This call for a re-entry of the transcendent into public debates is not a call for a return to a premodern (that is, pre-democratic and pre-pluralist) society nor is it a defense of the privileges of any religious group or institution.  It is not a threat to democracy.[2]  It is instead an attempt to balance the modern worldview's obsession with scientific control over nature for the purposes of economic growth with an ethic of self-limitation in the face of the majesty and value of the web of life which surrounds and supports us.  Even so, this re-entry of the transcendent into public life poses certain dangers not addressed by scientists and environmentalists.  By looking at recent papal documents, I will show that how the Roman Catholic tradition's understanding of the transcendence of God and the dignity of the human person can serve as a useful corrective to the sometimes vague and abstract understanding of "the sacred" displayed by many scientists, environmentalists, and social activists.  The so-called "anthropocentric" approach of the Church serves to link the ecological crisis to a wider moral crisis, the domination and exploitation of human individuals and peoples.  Furthermore, the Church's social teaching on justice and the common good can balance the excessively individualistic emphasis common to these environmentalists.  Without a religious community, the call for the return of the sacred will remain an idealistic protest that will only reinforce further the individualism that makes collective action impossible.  I believe that Catholics ought to engage these secular thinkers in a serious dialogue about transcendence and ecology since I believe both groups ultimately ground their positions in an affirmation of the absolute value of life itself.  Consequently, there is much room for dialogue and cooperation on a solution to this crisis among people of good will.  Secular scientists and environmentalists might learn more about rooting their conception of the sacred in more concrete terms of the common good and social justice whereas the Catholic Church might find itself developing a deeper anthropology as it ponders the interrelationship that modern science has discovered between human beings and the rest of the cosmos.

 

The Return of Transcendence

By the end of the 1980s, a large body of work written by Christians in response to the environmental crisis existed in English.[3]  In the early 1990s, two extraordinary developments occurred.  First, the mainstream religious organizations in Canada and the United States developed concrete programs to stimulate debate at the level of congregations and parishes.[4]  Simultaneously, scientists, environmentalists, and activists -- who were traditionally suspicious of religion -- began to see in organized religion a possible ally.  While Christians have often sought to move religion back into public debates, it was remarkable that the invitation was now coming from secular humanists.
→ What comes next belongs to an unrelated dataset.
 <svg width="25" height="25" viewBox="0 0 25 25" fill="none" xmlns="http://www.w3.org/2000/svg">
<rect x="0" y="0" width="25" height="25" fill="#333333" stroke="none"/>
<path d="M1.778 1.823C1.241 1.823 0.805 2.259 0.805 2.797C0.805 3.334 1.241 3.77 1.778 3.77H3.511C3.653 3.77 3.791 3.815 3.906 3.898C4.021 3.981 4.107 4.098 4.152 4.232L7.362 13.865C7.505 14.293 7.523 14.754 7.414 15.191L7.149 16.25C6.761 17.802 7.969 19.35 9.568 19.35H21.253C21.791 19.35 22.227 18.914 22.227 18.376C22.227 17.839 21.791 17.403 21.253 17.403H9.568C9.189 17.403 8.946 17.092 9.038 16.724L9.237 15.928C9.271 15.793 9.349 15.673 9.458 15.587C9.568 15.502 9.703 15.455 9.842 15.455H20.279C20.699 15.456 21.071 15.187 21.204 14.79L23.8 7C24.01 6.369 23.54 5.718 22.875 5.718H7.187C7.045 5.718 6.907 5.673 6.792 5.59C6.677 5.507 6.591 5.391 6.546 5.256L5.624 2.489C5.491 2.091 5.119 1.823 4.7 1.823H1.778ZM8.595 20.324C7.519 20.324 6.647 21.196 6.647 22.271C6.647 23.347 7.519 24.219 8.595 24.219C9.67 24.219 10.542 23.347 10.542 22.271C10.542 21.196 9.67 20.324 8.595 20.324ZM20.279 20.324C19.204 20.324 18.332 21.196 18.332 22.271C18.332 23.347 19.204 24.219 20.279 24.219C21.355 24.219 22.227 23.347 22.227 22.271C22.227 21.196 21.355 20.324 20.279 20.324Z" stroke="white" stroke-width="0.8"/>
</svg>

One dramatic example of this phenomenon is the open letter organized by Carl Sagan, a well-known and respected physicist, to the world's religious communities and leaders asking them to overcome old suspicions and animosities to form a partnership with scientists in developing a new environmentally sane public ethic.  The letter, released in January 1990 and signed by 33 scientists from the United States, Europe, and the USSR, recognizes the potential of religion "to influence personal conduct and commitment powerfully".[5]  Furthermore, it argues that respectful behaviour toward the environment has to be rooted in an understanding of nature as "sacred".  The scientists write:

As scientists, many of us have had profound experiences of awe and reverence before the universe.  We understand that what is regarded as sacred is more likely to be treated with care and respect.  Our planetary home should be so regarded.  Efforts to safeguard and cherish the environment need to be infused with a vision of the sacred.[6]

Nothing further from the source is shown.